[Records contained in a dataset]

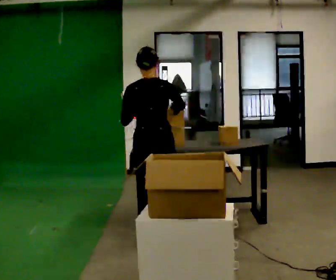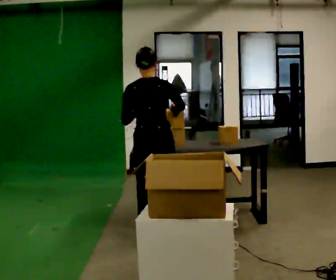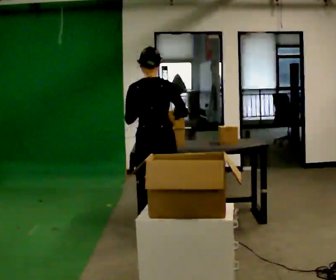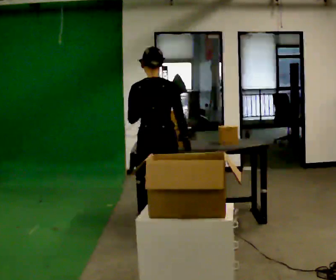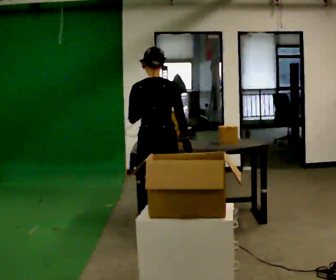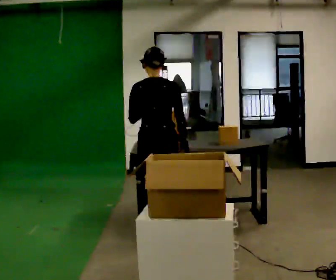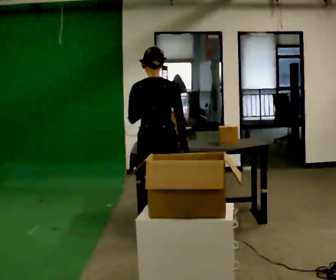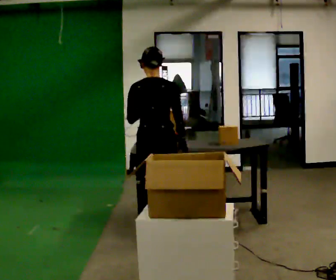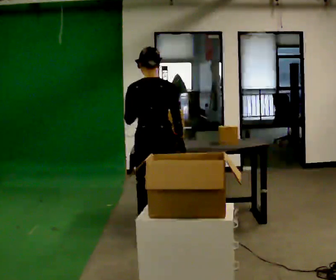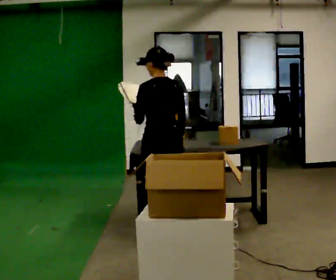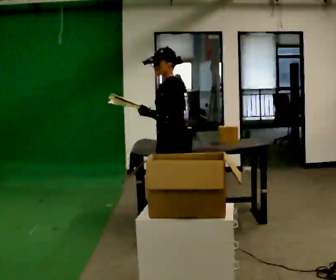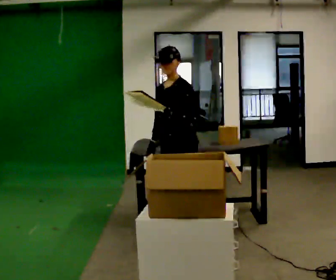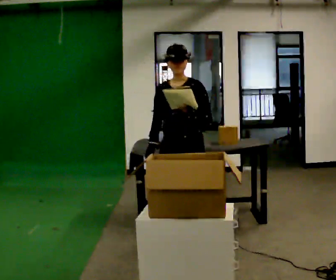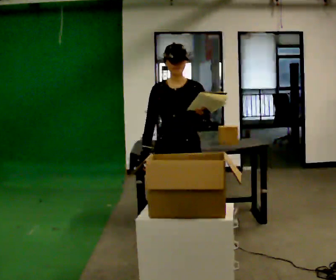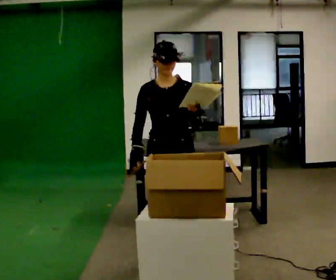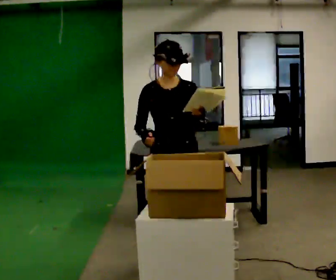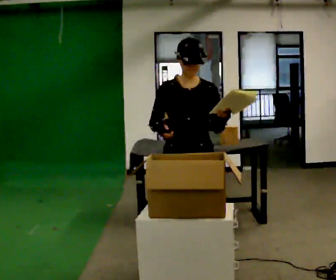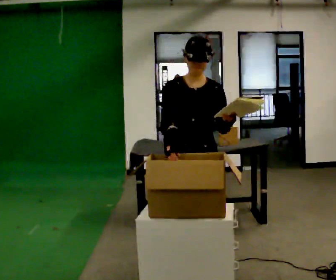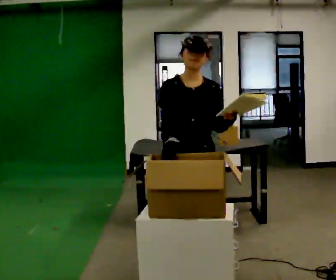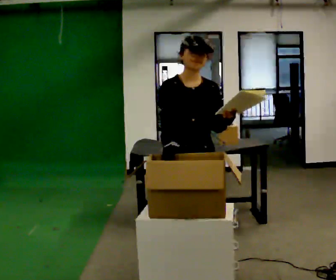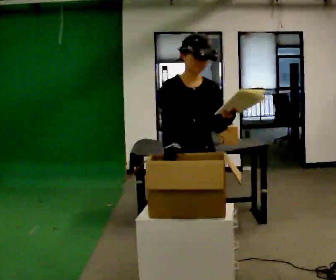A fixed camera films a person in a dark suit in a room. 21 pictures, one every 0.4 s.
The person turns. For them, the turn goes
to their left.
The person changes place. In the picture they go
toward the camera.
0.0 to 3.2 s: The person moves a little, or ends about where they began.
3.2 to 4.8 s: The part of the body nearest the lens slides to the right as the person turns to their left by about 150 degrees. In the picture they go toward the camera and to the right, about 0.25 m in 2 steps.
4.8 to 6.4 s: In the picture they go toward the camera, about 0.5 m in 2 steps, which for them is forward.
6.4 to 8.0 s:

#### [WORK REQUEST]
Repeat the records above word for word. Pictures stay out of the copy.

#### [RESPONSE]
A fixed camera films a person in a dark suit in a room. 21 pictures, one every 0.4 s.
The person turns. For them, the turn goes
to their left.
The person changes place. In the picture they go
toward the camera.
0.0 to 3.2 s: The person moves a little, or ends about where they began.
3.2 to 4.8 s: The part of the body nearest the lens slides to the right as the person turns to their left by about 150 degrees. In the picture they go toward the camera and to the right, about 0.25 m in 2 steps.
4.8 to 6.4 s: In the picture they go toward the camera, about 0.5 m in 2 steps, which for them is forward.
6.4 to 8.0 s:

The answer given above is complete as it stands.